Sitting here with a fire in the fireplace seems like a luxury.  Other people would not say that.  It would be a necessity.  Actually, my fireplace uses wood and it sucks the heat up the chimney and wastes.  But for that little bit of heat I factor out the ambiance of it all and relaxation it provides for the household.  It calms us.  That smell of the wood and the crackle.  I think it does do alot more than waste my natural gas. 

One day I thought about it and realized I could probably feed Ross and I with Dollar Menu items.  Every meal.  I figure we could eat for $14.00 a day that way.  Isn't that insane?  If you think about it, we have maids and butlers who serve us hot, fresh food every day.  We only see their laboring through the drive thru window.  We could get rid of our freezers and stoves and just bring home a hot meal, every meal, and never shop for the grocery items, refrigerate the grocery item, prepare and cook the grocery item.  And guess what?  If we ate it in the restaurant, we could avoid the water to wash the dishes.  And cancel the garbage man.  We wouldn't have any garbage to throw out.  We could leave that plastic straw and hamburger wrapper at the McDonald's! 

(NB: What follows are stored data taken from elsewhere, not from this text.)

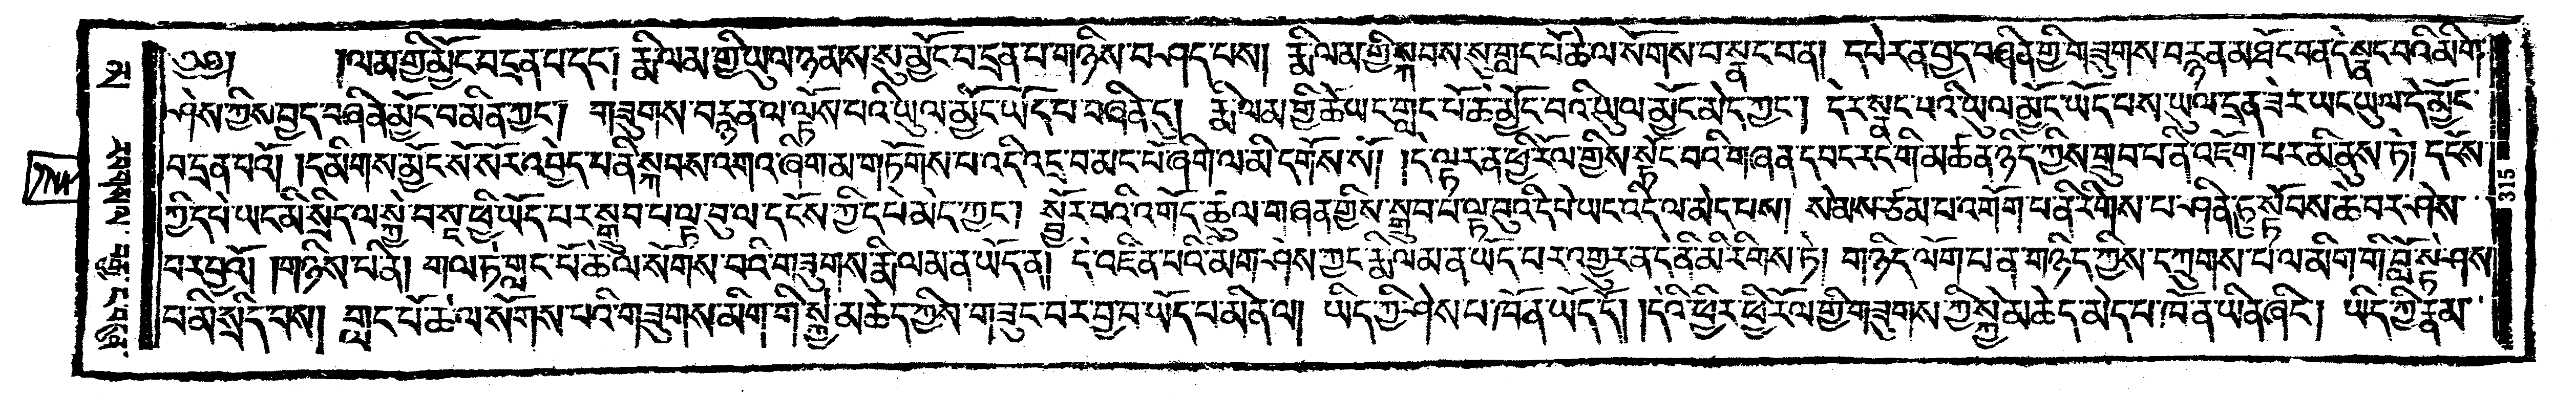༄༅། །ལམ་གྱི་མྱོང་བ་དྲན་པ་དང་། རྨི་ལམ་གྱི་ཡུལ་ཉམས་སུ་མྱོང་བ་དྲན་པ་གཉིས་བཤད་པས། རྨི་ལམ་གྱི་སྐབས་སུ་གླང་པོ་ཆེ་ལ་སོགས་པ་སྣང་བ་ན། དཔེར་ན་བྱད་བཞིན་གྱི་གཟུགས་བརྙན་མཐོང་བ་ན་དེ་སྣང་བའི་མིག་
ཤེས་ཀྱིས་བྱད་བཞིན་མྱོང་བ་མིན་ཀྱང་། གཟུགས་བརྙན་ལ་ལྟོས་པའི་ཡུལ་མྱོང་ཡོད་པ་བཞིན་དུ། རྨི་ལམ་གྱི་ཚེ་ཡང་གླང་པོ་ཆེ་མྱོང་བའི་ཡུལ་མྱོང་མེད་ཀྱང་། དེར་སྣང་བའི་ཡུལ་མྱོང་ཡོད་པས་ཡུལ་དྲན་ཟེར་ཡང་ཡུལ་དེ་མྱོང་
བ་དྲན་པའོ། །དམིགས་མྱོང་སོ་སོར་འབྱེད་པ་ནི་སྐབས་འགའ་ཞིག་མ་གཏོགས་པ་འདི་འདྲ་བ་མང་པོ་ཞིག་ལ་མི་དགོས་སོ། །དེ་ལྟར་ན་ཕྱི་རོལ་གྱིས་སྟོང་པའི་གཞན་དབང་རང་གི་མཚན་ཉིད་ཀྱིས་གྲུབ་པ་ནི་འཇོག་པར་མི་ནུས་ཏེ། དངོས་
ཀྱི་དཔེ་ཡང་མི་སྲིད་ལ་སྐྱེ་བ་སྔ་ཕྱི་ཡོད་པར་སྒྲུབ་པ་ལྟ་བུ་ལ་དངོས་ཀྱི་དཔེ་མེད་ཀྱང་། སྦྱོར་བའི་འགོད་ཚུལ་གཞན་གྱིས་སྒྲུབ་པ་ལྟ་བུའི་དཔེ་ཡང་འདི་ལ་མེད་པས། སེམས་ཙམ་པ་འགོག་པ་ནི་རིགས་པ་ཤིན་ཏུ་སྟོབས་ཆེ་བར་ཤེས་
པར་བྱའོ། །གཉིས་པ་ནི། གལ་ཏེ་གླང་པོ་ཆེ་ལ་སོགས་པའི་གཟུགས་རྨི་ལམ་ན་ཡོད་ན། དེ་འཛིན་པའི་མིག་ཤེས་ཀྱང་རྨི་ལམ་ན་ཡོད་པར་འགྱུར་ན་དེ་ནི་མི་རིགས་ཏེ། གཉིད་ལོག་པ་ན་གཉིད་ཀྱིས་དཀྲུགས་པ་ལ་མིག་གི་བློ་སྟེ་ཤེས་
པ་མི་སྲིད་པས། གླང་པོ་ཆེ་ལ་སོགས་པའི་གཟུགས་མིག་གི་སྐྱེ་མཆེད་ཀྱིས་གཟུང་བར་བྱ་བ་ཡོད་པ་མིན་ལ། ཡིད་ཀྱི་ཤེས་པ་ཁོ་ན་ཡོད་དོ། །དེའི་ཕྱིར་ཕྱི་རོལ་གྱི་གཟུགས་ཀྱི་སྐྱེ་མཆེད་མེད་པ་ཁོ་ན་ཡིན་ཞིང་། ཡིད་ཀྱི་རྣམ་

I am a deep thinker and no, you will not have to excuse me for that.  I think all of the time and think controversial things.  I think about things that others don't expand on in their heads.  This drive thru diet came to me because I have been confused about the population that includes my adult children.  They work crazy hours.  They don't have 403B plans.  They are slaves to 2-3 jobs.  They work mostly in food service jobs.  They are on their feet all the time.  They go to work usually late in the day and get home a few hours before I get up.  They sleep until 1pm.  No wonder.  We are all to blame for this.

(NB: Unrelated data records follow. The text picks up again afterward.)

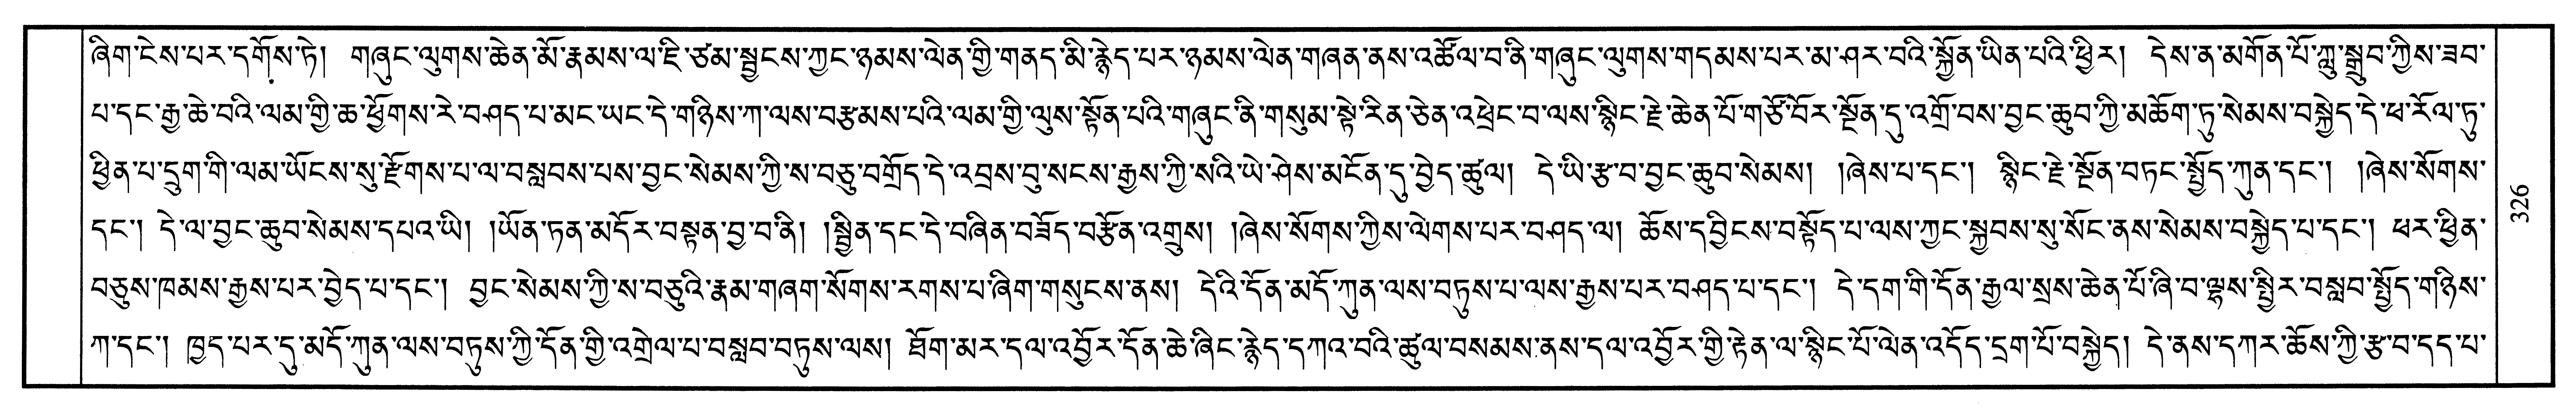ཞིག་ངེས་པར་དགོས་ཏེ། གཞུང་ལུགས་ཆེན་མོ་རྣམས་ལ་ཇི་ཙམ་སྦྱངས་ཀྱང་ཉམས་ལེན་གྱི་གནད་མི་རྙེད་པར་ཉམས་ལེན་གཞན་ནས་འཚོལ་བ་ནི་གཞུང་ལུགས་གདམས་པར་མ་ཤར་བའི་སྐྱོན་ཡིན་པའི་ཕྱིར། དེས་ན་མགོན་པོ་ཀླུ་སྒྲུབ་ཀྱིས་ཟབ་
པ་དང་རྒྱ་ཆེ་བའི་ལམ་གྱི་ཆ་ཕྱོགས་རེ་བཤད་པ་མང་ཡང་དེ་གཉིས་ཀ་ལས་བརྩམས་པའི་ལམ་གྱི་ལུས་སྟོན་པའི་གཞུང་ནི་གསུམ་སྟེ་རིན་ཅེན་འཕྲེང་བ་ལས་སྙིང་རྗེ་ཆེན་པོ་གཙོ་བོར་སྔོན་དུ་འགྲོ་བས་བྱང་ཆུབ་ཀྱི་མཆོག་ཏུ་སེམས་བསྐྱེད་དེ་ཕ་རོལ་ཏུ་
ཕྱིན་པ་དྲུག་གི་ལམ་ཡོངས་སུ་རྫོགས་པ་ལ་བསླབས་པས་བྱང་སེམས་ཀྱི་ས་བཅུ་བགྲོད་དེ་འབྲས་བུ་སངས་རྒྱས་ཀྱི་སའི་ཡེ་ཤེས་མངོན་དུ་བྱེད་ཚུལ། དེ་ཡི་རྩ་བ་བྱང་ཆུབ་སེམས། །ཞེས་པ་དང་། སྙིང་རྗེ་སྔོན་བཏང་སྤྱོད་ཀུན་དང་། །ཞེས་སོགས་
དང་། དེ་ལ་བྱང་ཆུབ་སེམས་དཔའ་ཡི། །ཡོན་ཏན་མདོར་བསྟན་བྱ་བ་ནི། །སྦྱིན་དང་དེ་བཞིན་བཟོད་བརྩོན་འགྲུས། །ཞེས་སོགས་ཀྱིས་ལེགས་པར་བཤད་ལ། ཆོས་དབྱིངས་བསྟོད་པ་ལས་ཀྱང་སྐྱབས་སུ་སོང་ནས་སེམས་བསྐྱེད་པ་དང་། ཕར་ཕྱིན་
བཅུས་ཁམས་རྒྱས་པར་བྱེད་པ་དང་། བྱང་སེམས་ཀྱི་ས་བཅུའི་རྣམ་གཞག་སོགས་རགས་པ་ཞིག་གསུངས་ནས། དེའི་དོན་མདོ་ཀུན་ལས་བཏུས་པ་ལས་རྒྱས་པར་བཤད་པ་དང་། དེ་དག་གི་དོན་རྒྱལ་སྲས་ཆེན་པོ་ཞི་བ་ལྷས་སྤྱིར་བསླབ་སྤྱོད་གཉིས་
ཀ་དང་། ཁྱད་པར་དུ་མདོ་ཀུན་ལས་བཏུས་ཀྱི་དོན་གྱི་འགྲེལ་པ་བསླབ་བཏུས་ལས། ཐོག་མར་དལ་འབྱོར་དོན་ཆེ་ཞིང་རྙེད་དཀའ་བའི་ཚུལ་བསམས་ནས་དལ་འབྱོར་གྱི་རྟེན་ལ་སྙིང་པོ་ལེན་འདོད་དྲག་པོ་བསྐྱེད། དེ་ནས་དཀར་ཆོས་ཀྱི་རྩ་བ་དད་པ་

They don't cook much for themselves.  They don't buy houses, they rent.  They live for today.  They are committed to their cell phone contracts.  They don't get married, they live together first.  They are afraid of divorce because the generation before them divorced more than any time in history.  That includes me and many people I know.  These kids were watching us.

I was relieved to do deep thinking about the 20-30 year olds because it helped me appreciate them.  They don't obsess about their future.  They don't seem to worship a job they don't like.  They move on to something that fits them better.  They don't count their money and check the stock market all the time.  They change churches from their parents churches.  They are vocal to their parents and authority figures and are comfortable about expressing themselves.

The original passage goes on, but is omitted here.